Mallet blames Italian clubs for Gower mess

Italy coach Nick Mallett pointed the finger at the country’s two Celtic League clubs, Treviso and Aironi, for landing him with a fly-half headache as he leaves for New Zealand to take part in the World Cup.


South African Mallett will travel without first choice fly-half Craig Gower and with instead two players, Luciano Orquera and Riccardo Bocchino, who have hardly played all season.


Former Australia Rugby League international Gower could not find a club for next season and, having since signed a deal which will see him start with English rugby league side Harlequins in 2012, has forfeited the chance to play at the World Cup.


“That was very frustrating, I know he would have loved to come to the World Cup but it’s simply a problem in the professional era, a player’s got to take the best decision for himself and his family,” said Mallett.


“He’s 33 years old, I thought he was going to finish his career in fifteens (union) and if he’d been given a contract post World Cup in Italy (he would have).


“There were opportunities, especially at Aironi who don’t have a fly-half, and I don’t understand why they didn’t think long-term and give him a year plus one year (contract) because it’s not as though they’ve got a lot of fly-halves and that would have allowed him to come because he’s all right.”


Gower officially pulled out because he said he wasn’t fit enough to take part as he recovers from a knee ligament injury sustained during the November Tests, a claim Mallett contradicted.


“Quite clearly our medical team have got him into the state that he can play but he’s got no future after the World Cup so to come to the World Cup and only get the money for the World Cup and nothing afterwards makes no sense for a person like that,” added Mallett.


“He had a rugby league team who offered him a two-year contract from next season right the way through and it makes sense for him to take that decison.


“From our point of view we’d invested 11 or 12 tests in him and it’s frustrating because he’s a guy who has a lot of experience, not at fifteens, but the more he would have played with us the better he would have got because he’s a guy who played rugby league at a very high level.


“Already he gave us a lot of security in defence and attacked the gain line and we’d have improved his kicking game so it’s been a big loss.”
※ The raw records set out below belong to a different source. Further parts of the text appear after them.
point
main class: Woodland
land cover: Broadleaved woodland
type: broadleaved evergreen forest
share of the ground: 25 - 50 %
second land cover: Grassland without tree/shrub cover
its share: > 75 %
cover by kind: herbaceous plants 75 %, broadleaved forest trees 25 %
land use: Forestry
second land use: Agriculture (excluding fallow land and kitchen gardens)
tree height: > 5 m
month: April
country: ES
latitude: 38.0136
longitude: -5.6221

For Mallett the main problem lies in the Italian Federation, which subsidises the two Celtic League teams but does not have enough of a say in picking players for the two clubs.
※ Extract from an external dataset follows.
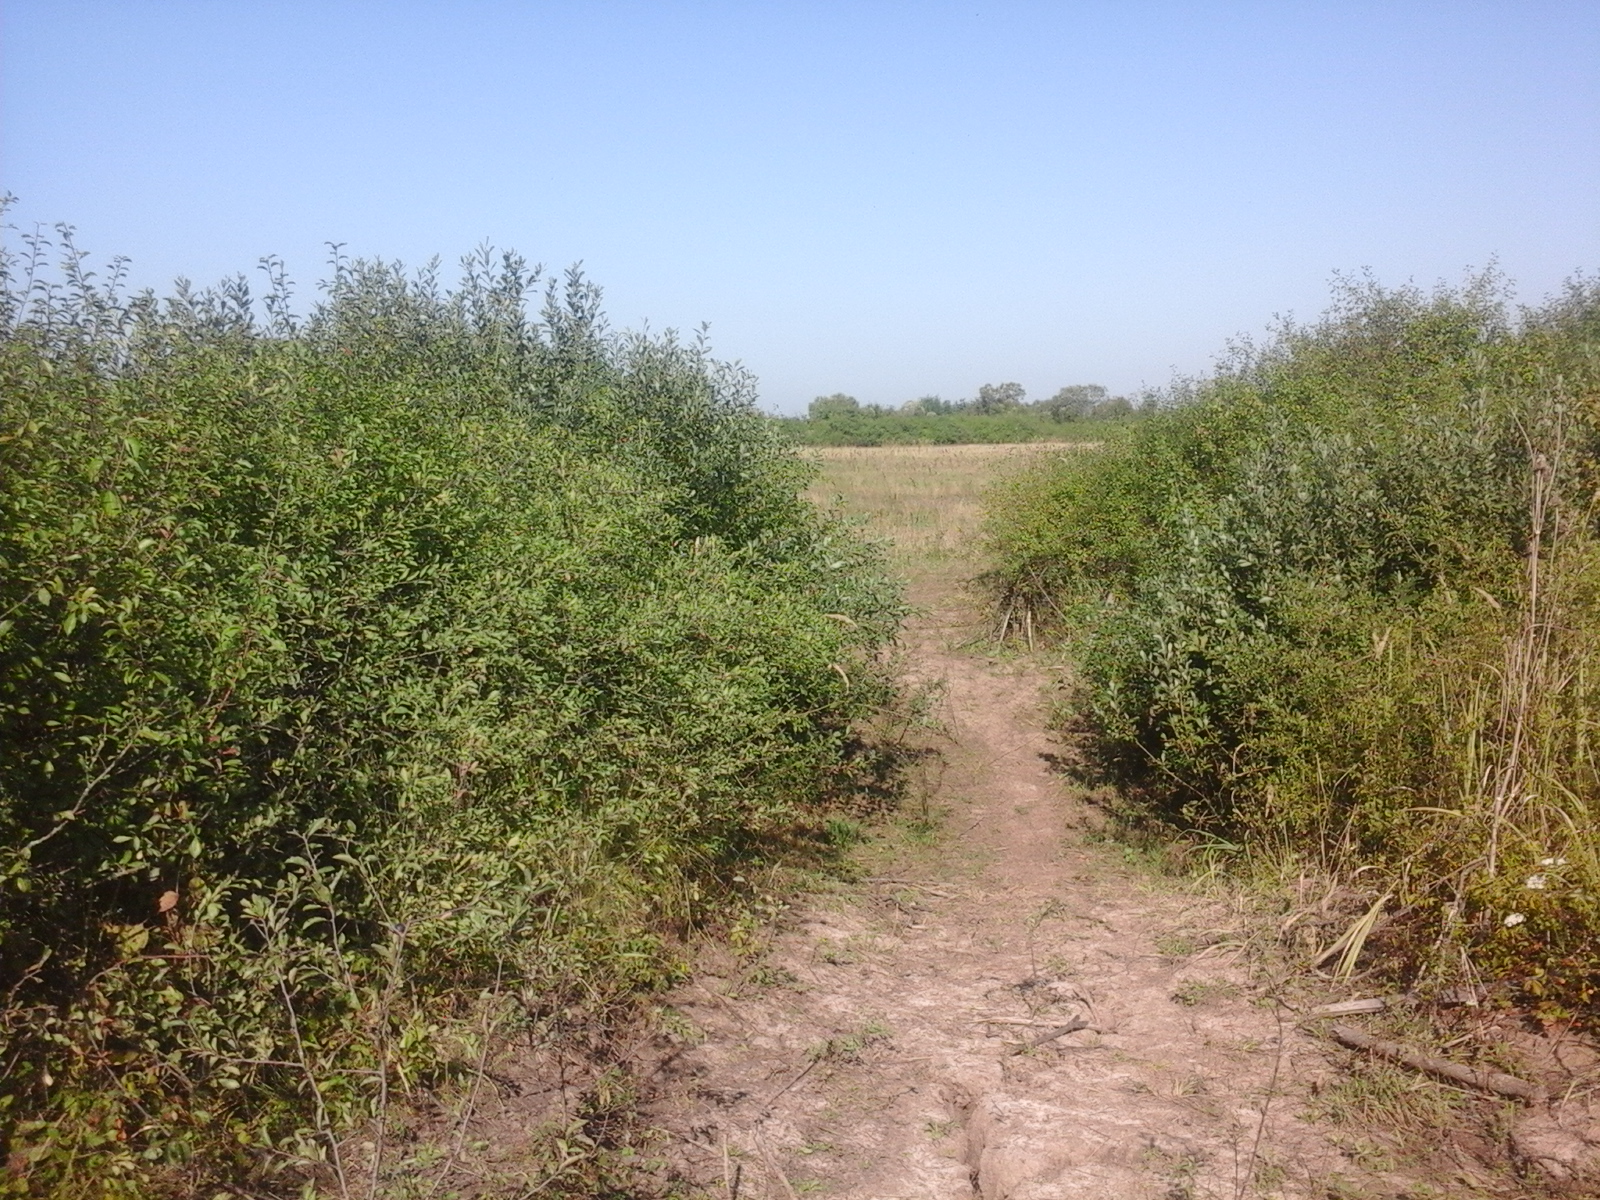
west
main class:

“The real problem here is the ability of the Italian Federation and the national coach to insist with the Celtic League teams that they have to give a guy a contract,” complained Mallett.
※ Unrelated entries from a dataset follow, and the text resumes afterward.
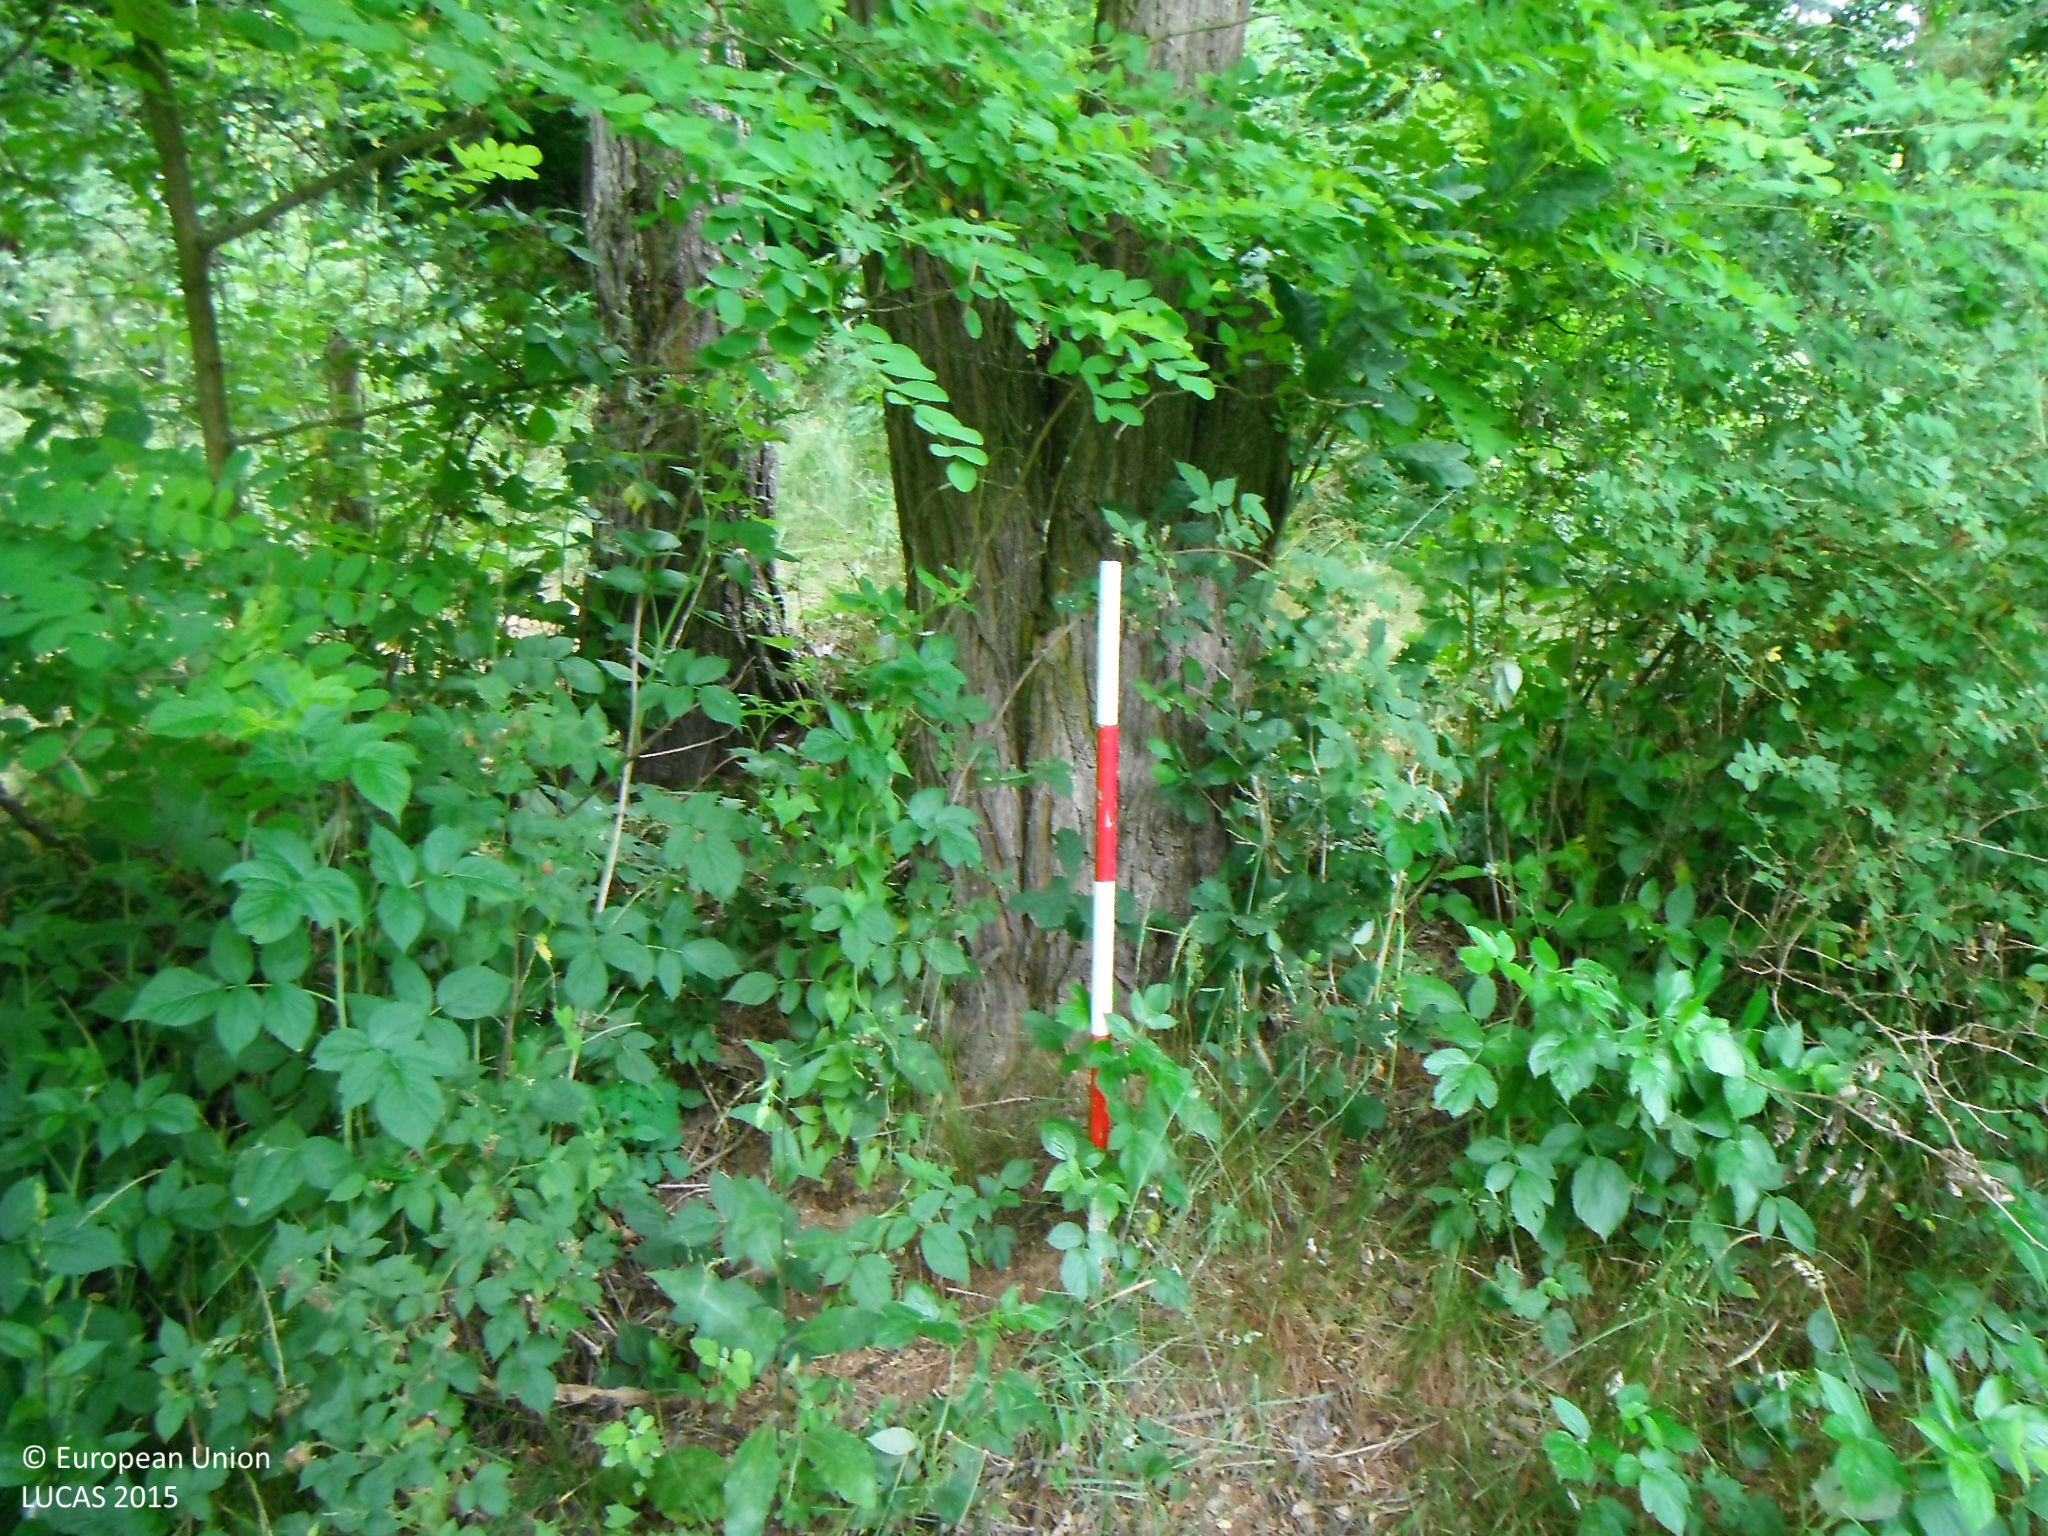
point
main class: Woodland
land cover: Broadleaved woodland
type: exotic forest
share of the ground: > 75 %
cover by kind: broadleaved forest trees 80 %, shrubs 10 %, herbaceous plants 10 %
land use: Forestry
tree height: > 5 m
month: June
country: SK
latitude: 48.5793
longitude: 20.0473

“Because if you go to a World Cup and you need a fly half, we can’t have one of the Celtic League teams saying, ‘no we don’t want this guy’, if we (Italy) need him desperately.


“It’s ridiculous in my view that the Federation pays 60 percent of the coach’s contract, the director of rugby’s contract, the medical staff’s contracts and every player that interests the national side, and yet we’ve got an occasion when we need a player and the final say rests with the Celtic team.


“That’s a situation that can’t work in the future and I’ve spoken with the (Italian Federation) president (Giancarlo Dondi) about that.”